**Task to carry out:**
From the entries below, return only the lines starting at the one that contains "#23 = CARTESIAN_POINT('',(-5.2,2.175,0.));" and ending at the one that contains "#56 = PCURVE('',#32,#57);", exactly as they stand.

Records from a data source:
◇ ◇ ◇ ◇ ◇ ◇ ◇

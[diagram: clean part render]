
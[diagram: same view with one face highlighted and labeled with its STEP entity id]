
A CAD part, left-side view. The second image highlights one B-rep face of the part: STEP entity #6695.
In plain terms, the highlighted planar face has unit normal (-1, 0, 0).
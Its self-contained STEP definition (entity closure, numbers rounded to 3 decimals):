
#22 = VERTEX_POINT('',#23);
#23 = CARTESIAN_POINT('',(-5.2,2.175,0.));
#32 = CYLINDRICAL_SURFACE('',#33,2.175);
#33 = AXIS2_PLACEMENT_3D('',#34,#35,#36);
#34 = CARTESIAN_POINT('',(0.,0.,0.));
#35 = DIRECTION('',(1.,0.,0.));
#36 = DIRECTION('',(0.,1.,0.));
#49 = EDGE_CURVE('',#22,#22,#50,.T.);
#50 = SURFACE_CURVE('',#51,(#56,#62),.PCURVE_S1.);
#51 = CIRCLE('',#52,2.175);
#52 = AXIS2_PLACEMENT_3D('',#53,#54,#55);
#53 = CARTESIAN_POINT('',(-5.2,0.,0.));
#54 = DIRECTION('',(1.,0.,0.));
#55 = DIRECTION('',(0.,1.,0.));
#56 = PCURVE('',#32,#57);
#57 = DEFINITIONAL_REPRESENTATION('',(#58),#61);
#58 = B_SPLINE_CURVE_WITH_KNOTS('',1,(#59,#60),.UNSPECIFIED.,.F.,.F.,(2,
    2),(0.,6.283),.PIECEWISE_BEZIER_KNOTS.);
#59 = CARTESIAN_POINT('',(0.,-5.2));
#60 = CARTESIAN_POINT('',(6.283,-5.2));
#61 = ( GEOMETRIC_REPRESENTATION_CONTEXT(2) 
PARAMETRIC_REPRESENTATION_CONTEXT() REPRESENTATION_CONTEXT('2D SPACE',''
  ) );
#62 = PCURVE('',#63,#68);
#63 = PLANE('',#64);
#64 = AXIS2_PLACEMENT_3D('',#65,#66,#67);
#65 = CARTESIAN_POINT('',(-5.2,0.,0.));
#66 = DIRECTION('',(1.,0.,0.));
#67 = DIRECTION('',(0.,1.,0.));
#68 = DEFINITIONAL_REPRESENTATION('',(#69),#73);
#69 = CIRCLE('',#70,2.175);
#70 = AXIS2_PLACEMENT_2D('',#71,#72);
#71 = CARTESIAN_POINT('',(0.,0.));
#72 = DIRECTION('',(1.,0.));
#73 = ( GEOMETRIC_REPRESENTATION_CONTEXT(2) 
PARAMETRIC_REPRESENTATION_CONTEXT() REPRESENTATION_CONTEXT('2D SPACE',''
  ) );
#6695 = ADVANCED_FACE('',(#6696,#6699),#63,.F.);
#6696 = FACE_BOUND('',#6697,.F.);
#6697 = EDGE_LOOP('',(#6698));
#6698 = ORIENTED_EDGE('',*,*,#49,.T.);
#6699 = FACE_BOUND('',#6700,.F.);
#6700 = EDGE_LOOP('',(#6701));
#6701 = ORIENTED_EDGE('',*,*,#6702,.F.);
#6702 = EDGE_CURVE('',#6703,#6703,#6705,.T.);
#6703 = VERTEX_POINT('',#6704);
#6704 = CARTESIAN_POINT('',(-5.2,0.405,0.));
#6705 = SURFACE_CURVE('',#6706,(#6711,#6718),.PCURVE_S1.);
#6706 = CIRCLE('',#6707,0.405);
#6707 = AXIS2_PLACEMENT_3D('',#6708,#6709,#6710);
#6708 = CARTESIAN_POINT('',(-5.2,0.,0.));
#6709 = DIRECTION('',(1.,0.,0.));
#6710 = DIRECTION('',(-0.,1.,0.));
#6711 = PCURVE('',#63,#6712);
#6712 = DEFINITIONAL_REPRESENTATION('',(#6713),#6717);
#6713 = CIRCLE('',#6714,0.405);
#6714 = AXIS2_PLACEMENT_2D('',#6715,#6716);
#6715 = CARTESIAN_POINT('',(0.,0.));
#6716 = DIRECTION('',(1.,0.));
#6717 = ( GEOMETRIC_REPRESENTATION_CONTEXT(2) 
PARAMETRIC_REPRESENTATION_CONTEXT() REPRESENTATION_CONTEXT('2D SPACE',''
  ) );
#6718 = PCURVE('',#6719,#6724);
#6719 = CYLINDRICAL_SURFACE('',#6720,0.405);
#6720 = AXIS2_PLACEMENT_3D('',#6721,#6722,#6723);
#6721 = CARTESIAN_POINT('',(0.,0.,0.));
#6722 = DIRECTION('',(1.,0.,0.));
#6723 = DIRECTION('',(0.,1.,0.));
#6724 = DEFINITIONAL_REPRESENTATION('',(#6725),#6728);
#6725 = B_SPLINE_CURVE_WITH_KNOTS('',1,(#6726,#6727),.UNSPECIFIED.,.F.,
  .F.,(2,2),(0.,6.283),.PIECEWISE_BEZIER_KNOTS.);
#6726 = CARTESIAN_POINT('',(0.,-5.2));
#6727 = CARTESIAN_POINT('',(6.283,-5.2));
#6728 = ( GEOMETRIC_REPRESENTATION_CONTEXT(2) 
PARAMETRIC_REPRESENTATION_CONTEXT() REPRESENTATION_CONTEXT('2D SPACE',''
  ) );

◇ ◇ ◇ ◇ ◇ ◇ ◇

**Task response:**
#23 = CARTESIAN_POINT('',(-5.2,2.175,0.));
#32 = CYLINDRICAL_SURFACE('',#33,2.175);
#33 = AXIS2_PLACEMENT_3D('',#34,#35,#36);
#34 = CARTESIAN_POINT('',(0.,0.,0.));
#35 = DIRECTION('',(1.,0.,0.));
#36 = DIRECTION('',(0.,1.,0.));
#49 = EDGE_CURVE('',#22,#22,#50,.T.);
#50 = SURFACE_CURVE('',#51,(#56,#62),.PCURVE_S1.);
#51 = CIRCLE('',#52,2.175);
#52 = AXIS2_PLACEMENT_3D('',#53,#54,#55);
#53 = CARTESIAN_POINT('',(-5.2,0.,0.));
#54 = DIRECTION('',(1.,0.,0.));
#55 = DIRECTION('',(0.,1.,0.));
#56 = PCURVE('',#32,#57);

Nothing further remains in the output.